Some visualizers like kwic
allow to show only a certain base text,
this parameter controls which one.
Examples
In this example https://korpling.german.hu-berlin.de/annis3-snapshot/ is the base URL for the ANNIS user interface. When entering the URL
https://korpling.german.hu-berlin.de/annis3-snapshot/embeddedvis/grid?
embedded_ns=tei&
embedded_instance=&
embedded_salt=http%3A%2F%2Flocalhost%3A5713%2Fannis%2Fquery%2Fsearch%2Fsubgraph%3Fmatch%3Dtei%3A%3Asic%3A%3Asalt%3A%2FGUM%2FGUM_whow_languages%2F%2523sic_487%26left%3D5%26right%3D5&
embedded_interface=https://korpling.german.hu-berlin.de/annis3-snapshot/%23_q%3Dc2lj%26_c%3DR1VN%26cl%3D5%26cr%3D5%26s%3D10%26l%3D10%26m%3D12
the following web page is shown:
The namespace is "tei", the instance is the default one (empty name).
There is a dynamic URL to the REST web service running at localhost
(the service must be reachable by the web server, not the client)
and a back-link to the interface is given.
All parameters must be URL encoded (especially the ones that are URLs by theirself).
Instead of having only a subgraph with for a single match the following example shows a complete document:
https://korpling.german.hu-berlin.de/annis3-snapshot/embeddedvis/htmldoc?
embedded_instance=scriptorium2&
embedded_match=Abraham::norm::salt:/abraham.our.father/Abraham.XL93-94_merge/%23norm_15&
embedded_salt=http%3A%2F%2Flocalhost%3A5713%2Fannis%2Fquery%2Fgraph%2Fabraham.our.father%2FAbraham.XL93-94_merge%3Ffilternodeanno%3Dcb%2CAbraham%3A%3Anorm%2Cpb_xml_id%2Clb%2Chi_rend&
embedded_interface=https://korpling.german.hu-berlin.de/annis3-snapshot/scriptorium2%23_q%3Dbm9ybT0i4rKb4rKf4rKp4rKn4rKJIg%26_c%3DYWJyYWhhbS5vdXIuZmF0aGVy%26cl%3D5%26cr%3D5%26s%3D0%26l%3D10%26_seg%3Dd29yZA%26m%3D0&
embedded_base=word&
config=dipl
embedded_salt
refers to the graph function annis.service.QueryService.graph(...)
and this example uses the configuration from the "scriptorium2" instance.
The additional parameter config
is a mapping parameter of the htmldoc
visualizer.
Install backend and front-end on different servers
It is possible to install the service and the front-end on different servers.

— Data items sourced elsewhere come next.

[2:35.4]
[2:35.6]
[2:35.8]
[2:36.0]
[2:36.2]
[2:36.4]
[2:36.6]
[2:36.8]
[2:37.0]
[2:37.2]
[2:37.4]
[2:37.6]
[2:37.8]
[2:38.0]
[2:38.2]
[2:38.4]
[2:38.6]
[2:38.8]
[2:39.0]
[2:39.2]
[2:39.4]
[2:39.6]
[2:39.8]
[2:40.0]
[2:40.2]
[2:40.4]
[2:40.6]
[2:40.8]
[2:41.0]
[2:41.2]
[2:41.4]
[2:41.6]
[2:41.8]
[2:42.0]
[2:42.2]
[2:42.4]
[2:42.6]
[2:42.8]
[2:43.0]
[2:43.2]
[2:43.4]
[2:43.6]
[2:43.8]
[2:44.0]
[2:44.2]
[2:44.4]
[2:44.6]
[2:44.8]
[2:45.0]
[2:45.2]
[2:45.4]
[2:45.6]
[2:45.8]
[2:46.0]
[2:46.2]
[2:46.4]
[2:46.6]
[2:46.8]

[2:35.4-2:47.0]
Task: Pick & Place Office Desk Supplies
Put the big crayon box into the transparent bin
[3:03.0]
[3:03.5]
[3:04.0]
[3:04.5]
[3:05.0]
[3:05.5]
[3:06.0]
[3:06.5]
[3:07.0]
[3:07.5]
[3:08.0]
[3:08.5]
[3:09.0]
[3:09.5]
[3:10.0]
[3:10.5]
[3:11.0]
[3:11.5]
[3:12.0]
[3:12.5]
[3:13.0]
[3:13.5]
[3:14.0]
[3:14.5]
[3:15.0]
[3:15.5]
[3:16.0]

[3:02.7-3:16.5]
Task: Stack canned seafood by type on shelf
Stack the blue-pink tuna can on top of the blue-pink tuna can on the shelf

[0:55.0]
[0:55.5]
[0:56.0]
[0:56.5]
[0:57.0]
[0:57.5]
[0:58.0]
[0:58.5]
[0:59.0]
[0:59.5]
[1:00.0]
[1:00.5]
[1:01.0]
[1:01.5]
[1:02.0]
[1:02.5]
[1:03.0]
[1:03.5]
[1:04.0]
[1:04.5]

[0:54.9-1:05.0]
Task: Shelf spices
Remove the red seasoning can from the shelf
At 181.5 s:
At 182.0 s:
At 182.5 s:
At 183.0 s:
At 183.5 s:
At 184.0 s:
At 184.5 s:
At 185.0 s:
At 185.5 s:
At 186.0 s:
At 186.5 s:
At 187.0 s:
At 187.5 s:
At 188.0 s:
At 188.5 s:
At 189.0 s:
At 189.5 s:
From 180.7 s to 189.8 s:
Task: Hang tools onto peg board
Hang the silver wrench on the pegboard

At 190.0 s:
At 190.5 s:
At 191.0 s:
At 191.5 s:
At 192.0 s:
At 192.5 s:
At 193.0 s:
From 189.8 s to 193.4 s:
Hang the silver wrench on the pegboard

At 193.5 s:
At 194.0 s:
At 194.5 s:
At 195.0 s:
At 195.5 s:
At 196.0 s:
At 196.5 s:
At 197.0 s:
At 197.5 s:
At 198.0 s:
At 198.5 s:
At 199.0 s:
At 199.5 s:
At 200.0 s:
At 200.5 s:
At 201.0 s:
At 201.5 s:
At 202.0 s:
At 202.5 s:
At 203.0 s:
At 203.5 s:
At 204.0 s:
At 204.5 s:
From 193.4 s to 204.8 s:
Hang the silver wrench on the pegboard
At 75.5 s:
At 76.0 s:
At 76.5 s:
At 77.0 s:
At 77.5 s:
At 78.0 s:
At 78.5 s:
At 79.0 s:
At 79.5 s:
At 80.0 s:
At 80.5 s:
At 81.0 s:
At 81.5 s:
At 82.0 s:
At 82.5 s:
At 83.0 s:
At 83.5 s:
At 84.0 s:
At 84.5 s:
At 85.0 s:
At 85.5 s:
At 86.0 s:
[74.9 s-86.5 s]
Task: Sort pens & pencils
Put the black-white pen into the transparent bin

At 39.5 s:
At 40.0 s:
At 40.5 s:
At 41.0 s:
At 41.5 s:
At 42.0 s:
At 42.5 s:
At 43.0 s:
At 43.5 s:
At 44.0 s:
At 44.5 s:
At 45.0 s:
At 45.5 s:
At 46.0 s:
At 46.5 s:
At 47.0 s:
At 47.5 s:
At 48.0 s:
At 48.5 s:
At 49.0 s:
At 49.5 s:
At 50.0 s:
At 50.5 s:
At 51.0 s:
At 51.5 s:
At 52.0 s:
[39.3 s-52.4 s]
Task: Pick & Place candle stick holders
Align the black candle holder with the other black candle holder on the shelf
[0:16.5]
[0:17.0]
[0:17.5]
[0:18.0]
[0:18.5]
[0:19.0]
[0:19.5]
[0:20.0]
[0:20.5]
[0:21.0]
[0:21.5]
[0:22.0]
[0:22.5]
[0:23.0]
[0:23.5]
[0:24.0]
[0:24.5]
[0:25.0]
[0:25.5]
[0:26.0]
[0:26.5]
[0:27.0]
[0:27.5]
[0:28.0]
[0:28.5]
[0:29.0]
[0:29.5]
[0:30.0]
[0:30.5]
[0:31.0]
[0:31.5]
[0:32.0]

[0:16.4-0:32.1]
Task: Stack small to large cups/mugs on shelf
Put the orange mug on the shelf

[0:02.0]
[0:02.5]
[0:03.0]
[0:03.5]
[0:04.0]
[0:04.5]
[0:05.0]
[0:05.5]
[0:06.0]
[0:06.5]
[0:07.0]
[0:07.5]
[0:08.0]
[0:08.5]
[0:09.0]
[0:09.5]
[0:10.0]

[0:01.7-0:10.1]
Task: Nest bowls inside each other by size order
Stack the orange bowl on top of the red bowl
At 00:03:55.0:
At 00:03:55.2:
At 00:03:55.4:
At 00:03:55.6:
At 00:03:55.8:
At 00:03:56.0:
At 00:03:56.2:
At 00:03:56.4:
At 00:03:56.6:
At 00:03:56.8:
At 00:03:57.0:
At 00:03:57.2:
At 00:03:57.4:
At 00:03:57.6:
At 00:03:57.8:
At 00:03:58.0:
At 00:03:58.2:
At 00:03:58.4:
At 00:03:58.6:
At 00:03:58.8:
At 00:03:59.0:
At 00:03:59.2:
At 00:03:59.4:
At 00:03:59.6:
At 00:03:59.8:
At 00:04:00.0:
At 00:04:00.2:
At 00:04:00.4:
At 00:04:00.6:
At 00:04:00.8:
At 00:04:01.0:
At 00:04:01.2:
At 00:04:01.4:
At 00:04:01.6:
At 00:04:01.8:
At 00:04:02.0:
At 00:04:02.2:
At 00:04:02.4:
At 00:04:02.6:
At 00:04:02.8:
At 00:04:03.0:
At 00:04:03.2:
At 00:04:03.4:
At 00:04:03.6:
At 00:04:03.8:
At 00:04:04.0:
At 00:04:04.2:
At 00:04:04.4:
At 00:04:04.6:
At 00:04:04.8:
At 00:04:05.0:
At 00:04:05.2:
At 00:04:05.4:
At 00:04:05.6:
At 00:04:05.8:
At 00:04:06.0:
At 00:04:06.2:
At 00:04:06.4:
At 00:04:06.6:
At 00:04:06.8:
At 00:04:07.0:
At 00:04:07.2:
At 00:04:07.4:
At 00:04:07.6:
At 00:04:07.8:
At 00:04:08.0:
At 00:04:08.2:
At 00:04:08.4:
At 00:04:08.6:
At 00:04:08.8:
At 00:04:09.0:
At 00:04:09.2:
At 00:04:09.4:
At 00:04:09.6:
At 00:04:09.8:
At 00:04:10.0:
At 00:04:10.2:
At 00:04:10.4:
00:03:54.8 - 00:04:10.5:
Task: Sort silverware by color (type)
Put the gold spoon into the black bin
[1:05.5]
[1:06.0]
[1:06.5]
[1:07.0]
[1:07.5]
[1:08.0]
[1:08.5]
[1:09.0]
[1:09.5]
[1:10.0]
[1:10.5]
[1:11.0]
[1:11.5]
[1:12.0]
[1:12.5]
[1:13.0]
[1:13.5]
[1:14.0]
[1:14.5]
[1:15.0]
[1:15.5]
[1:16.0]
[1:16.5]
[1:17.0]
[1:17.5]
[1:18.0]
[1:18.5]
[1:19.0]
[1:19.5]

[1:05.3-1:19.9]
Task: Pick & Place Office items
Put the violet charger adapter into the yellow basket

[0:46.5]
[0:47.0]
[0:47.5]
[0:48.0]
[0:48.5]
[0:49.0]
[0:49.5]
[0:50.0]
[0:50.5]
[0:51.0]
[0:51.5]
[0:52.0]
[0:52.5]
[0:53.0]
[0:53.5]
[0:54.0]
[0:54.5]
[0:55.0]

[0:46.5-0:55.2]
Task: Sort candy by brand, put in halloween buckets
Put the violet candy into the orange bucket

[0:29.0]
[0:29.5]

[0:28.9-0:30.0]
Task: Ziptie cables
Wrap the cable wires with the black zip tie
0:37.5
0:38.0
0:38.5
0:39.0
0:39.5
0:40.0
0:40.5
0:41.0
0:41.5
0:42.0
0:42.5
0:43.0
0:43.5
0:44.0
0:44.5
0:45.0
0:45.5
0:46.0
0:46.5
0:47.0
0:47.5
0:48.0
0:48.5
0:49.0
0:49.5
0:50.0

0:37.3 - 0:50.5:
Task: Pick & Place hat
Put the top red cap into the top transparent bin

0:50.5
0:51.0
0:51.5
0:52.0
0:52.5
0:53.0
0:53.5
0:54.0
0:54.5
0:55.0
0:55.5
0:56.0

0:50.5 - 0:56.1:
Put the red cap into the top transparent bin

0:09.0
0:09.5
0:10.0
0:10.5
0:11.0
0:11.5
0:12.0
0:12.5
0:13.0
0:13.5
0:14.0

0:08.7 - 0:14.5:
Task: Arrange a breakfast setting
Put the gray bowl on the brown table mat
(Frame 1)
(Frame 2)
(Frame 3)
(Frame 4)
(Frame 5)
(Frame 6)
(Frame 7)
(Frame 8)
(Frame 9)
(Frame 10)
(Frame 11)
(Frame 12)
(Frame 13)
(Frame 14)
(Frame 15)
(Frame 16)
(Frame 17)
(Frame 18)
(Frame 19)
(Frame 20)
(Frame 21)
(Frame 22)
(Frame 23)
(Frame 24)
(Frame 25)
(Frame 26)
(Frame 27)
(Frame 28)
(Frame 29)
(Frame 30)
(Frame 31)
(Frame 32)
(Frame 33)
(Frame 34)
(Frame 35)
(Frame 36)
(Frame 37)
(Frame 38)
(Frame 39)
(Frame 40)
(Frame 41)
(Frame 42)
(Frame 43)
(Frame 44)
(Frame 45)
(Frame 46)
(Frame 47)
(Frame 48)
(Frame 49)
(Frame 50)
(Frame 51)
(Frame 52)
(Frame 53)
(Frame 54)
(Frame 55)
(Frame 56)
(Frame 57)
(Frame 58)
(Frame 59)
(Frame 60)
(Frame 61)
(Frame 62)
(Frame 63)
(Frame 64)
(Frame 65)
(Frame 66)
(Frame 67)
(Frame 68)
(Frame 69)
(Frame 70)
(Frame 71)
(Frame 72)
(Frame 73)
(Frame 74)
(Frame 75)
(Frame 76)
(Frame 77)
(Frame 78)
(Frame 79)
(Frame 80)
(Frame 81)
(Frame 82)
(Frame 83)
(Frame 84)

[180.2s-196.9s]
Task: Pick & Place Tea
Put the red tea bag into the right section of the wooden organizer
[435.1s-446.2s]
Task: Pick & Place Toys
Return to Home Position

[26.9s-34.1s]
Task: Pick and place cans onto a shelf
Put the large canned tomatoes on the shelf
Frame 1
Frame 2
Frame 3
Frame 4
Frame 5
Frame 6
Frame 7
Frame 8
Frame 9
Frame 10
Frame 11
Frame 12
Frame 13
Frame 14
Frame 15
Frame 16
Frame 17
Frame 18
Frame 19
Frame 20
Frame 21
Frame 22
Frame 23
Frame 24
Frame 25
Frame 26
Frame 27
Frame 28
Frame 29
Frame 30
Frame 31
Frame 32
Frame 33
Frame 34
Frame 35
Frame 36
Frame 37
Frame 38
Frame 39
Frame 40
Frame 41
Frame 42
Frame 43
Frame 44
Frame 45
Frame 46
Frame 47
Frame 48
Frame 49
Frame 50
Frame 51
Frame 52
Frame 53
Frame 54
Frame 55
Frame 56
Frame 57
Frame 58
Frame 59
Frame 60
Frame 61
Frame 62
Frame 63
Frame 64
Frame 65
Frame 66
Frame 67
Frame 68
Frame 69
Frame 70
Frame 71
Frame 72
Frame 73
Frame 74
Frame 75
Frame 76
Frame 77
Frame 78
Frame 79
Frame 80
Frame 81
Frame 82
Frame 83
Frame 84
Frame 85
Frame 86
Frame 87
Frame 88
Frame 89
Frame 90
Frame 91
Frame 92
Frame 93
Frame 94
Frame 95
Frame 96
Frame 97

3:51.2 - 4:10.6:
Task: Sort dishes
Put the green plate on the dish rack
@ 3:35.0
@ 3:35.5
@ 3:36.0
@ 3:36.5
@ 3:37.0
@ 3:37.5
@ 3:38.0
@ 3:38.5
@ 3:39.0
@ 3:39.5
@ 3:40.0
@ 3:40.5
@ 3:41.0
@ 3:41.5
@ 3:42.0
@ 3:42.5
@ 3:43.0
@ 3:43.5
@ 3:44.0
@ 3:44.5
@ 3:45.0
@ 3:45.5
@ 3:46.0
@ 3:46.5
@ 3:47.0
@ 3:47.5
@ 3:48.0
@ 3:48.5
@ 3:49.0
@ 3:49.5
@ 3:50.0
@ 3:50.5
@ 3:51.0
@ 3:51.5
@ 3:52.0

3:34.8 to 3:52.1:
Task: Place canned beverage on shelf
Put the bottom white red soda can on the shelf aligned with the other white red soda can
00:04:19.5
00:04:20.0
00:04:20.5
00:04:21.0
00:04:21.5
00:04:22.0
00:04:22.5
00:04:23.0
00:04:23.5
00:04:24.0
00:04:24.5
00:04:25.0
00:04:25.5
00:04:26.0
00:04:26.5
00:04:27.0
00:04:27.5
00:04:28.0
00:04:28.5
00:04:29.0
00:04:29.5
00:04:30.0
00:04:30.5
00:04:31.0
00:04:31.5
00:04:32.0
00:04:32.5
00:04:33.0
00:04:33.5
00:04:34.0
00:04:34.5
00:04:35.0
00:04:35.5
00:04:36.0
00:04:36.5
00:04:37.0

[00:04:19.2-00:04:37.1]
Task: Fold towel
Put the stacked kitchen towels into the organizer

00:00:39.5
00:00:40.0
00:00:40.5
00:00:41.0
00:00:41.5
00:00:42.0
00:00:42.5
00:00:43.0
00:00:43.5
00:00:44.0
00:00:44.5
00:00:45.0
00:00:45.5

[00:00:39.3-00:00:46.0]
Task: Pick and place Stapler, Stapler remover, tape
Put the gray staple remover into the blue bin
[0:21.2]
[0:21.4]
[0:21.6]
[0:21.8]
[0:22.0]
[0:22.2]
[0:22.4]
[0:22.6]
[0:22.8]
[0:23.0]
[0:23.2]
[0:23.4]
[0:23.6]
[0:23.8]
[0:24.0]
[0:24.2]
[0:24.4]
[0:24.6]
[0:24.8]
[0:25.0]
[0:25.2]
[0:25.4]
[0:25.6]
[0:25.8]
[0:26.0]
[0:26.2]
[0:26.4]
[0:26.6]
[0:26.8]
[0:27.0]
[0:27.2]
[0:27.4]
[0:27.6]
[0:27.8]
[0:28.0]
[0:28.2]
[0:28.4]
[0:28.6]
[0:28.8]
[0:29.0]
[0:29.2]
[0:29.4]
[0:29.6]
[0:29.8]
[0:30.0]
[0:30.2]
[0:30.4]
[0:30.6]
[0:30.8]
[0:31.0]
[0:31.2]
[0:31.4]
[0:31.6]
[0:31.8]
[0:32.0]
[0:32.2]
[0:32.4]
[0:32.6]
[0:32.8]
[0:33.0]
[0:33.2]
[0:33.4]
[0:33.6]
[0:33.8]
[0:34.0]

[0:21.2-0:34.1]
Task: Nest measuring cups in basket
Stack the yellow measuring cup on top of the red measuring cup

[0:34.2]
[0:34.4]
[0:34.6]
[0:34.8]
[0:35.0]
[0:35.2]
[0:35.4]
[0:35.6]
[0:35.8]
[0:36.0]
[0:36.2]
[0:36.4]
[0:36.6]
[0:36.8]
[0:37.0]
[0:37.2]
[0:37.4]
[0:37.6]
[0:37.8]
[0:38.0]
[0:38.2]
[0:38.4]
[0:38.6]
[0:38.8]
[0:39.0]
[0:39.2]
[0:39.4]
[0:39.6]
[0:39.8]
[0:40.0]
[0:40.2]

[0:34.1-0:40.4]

Per-default the ANNIS REST service is only listening to connections from localhost for security reasons. You should use a proxy server if you want to enable access from outside. E.g. the Apache configuration could look like this:
ProxyPass /annis3-service http://localhost:5711
<location /annis3-service>
SSLRequireSSL
</location>
If you your server is example.com
this configuration would result in the service URL https://example.com/annis3-service/v1/
The service is responsible for the authentication and authorization (see the user configuration for more information), thus the corpora are only accessible by the service if the user can provide the appropriate credentials. User names and passwords will be sent as clear text over the network. Thus you should always make sure to enforce encrypted SSL (HTTPS) connections for the public accessible service.
After you made the service available for other servers you have to configure the front-end to use this non-default service URL.
Change the file application.properties
and set the annis.webservice-url
to the right value:
annis.webservice-url=https://example.com/annis3-service/v1
If you want to secure your service even further you might want to setup a firewall in a way that only the server running the front-end is allowed to access the HTTP(S) port on the server running the backend service.